Records for the task:
⟨

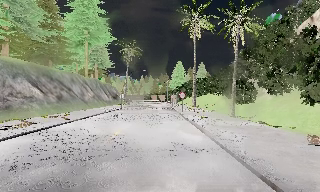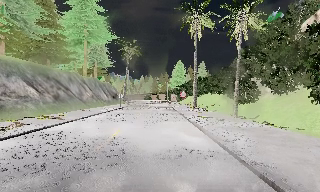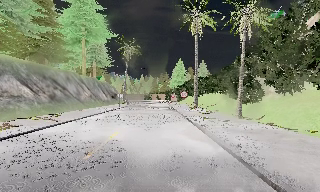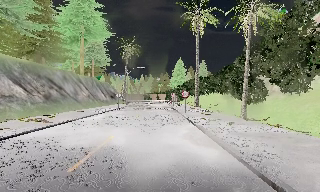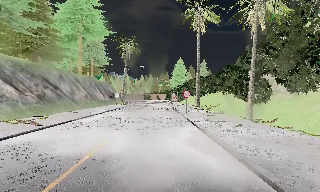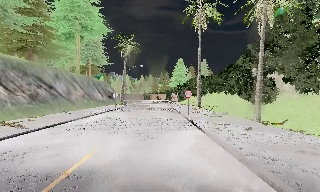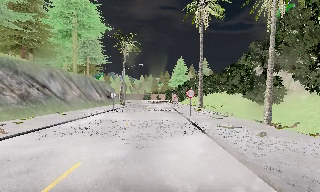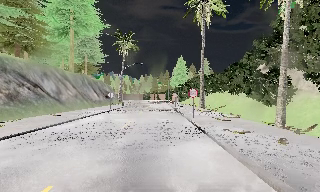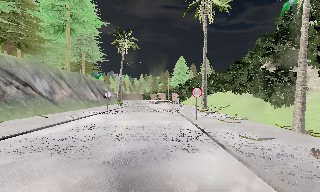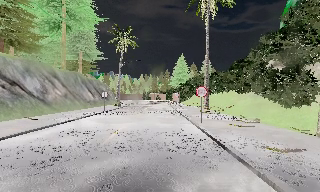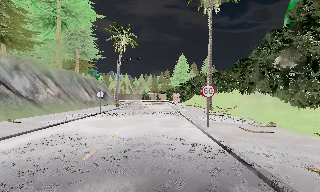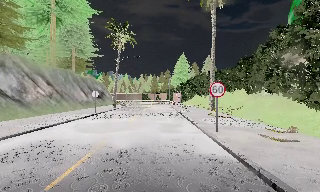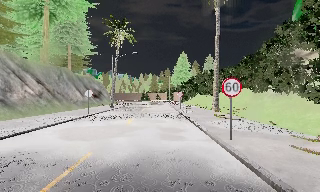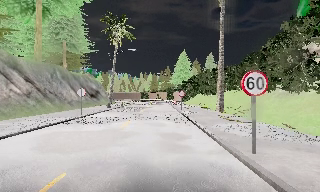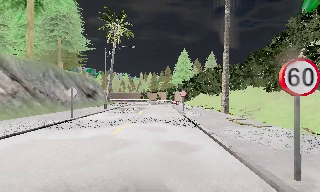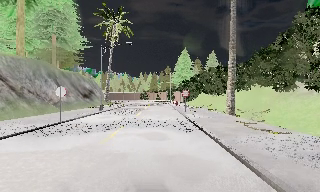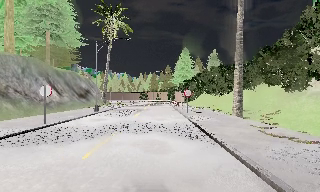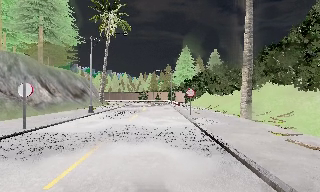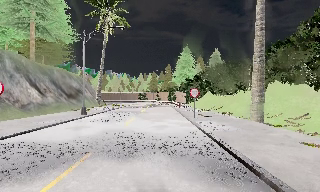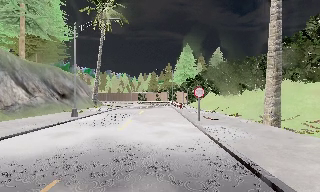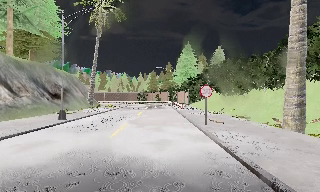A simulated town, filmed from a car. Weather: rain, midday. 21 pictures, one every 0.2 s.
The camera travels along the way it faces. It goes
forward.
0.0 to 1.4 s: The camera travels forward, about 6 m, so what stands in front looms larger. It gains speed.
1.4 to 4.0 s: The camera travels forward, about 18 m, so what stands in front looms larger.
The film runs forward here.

⟩

What you will do: Repeat the listing exactly; do not print any picture.

Output below:
A simulated town, filmed from a car. Weather: rain, midday. 21 pictures, one every 0.2 s.
The camera travels along the way it faces. It goes
forward.
0.0 to 1.4 s: The camera travels forward, about 6 m, so what stands in front looms larger. It gains speed.
1.4 to 4.0 s: The camera travels forward, about 18 m, so what stands in front looms larger.
The film runs forward here.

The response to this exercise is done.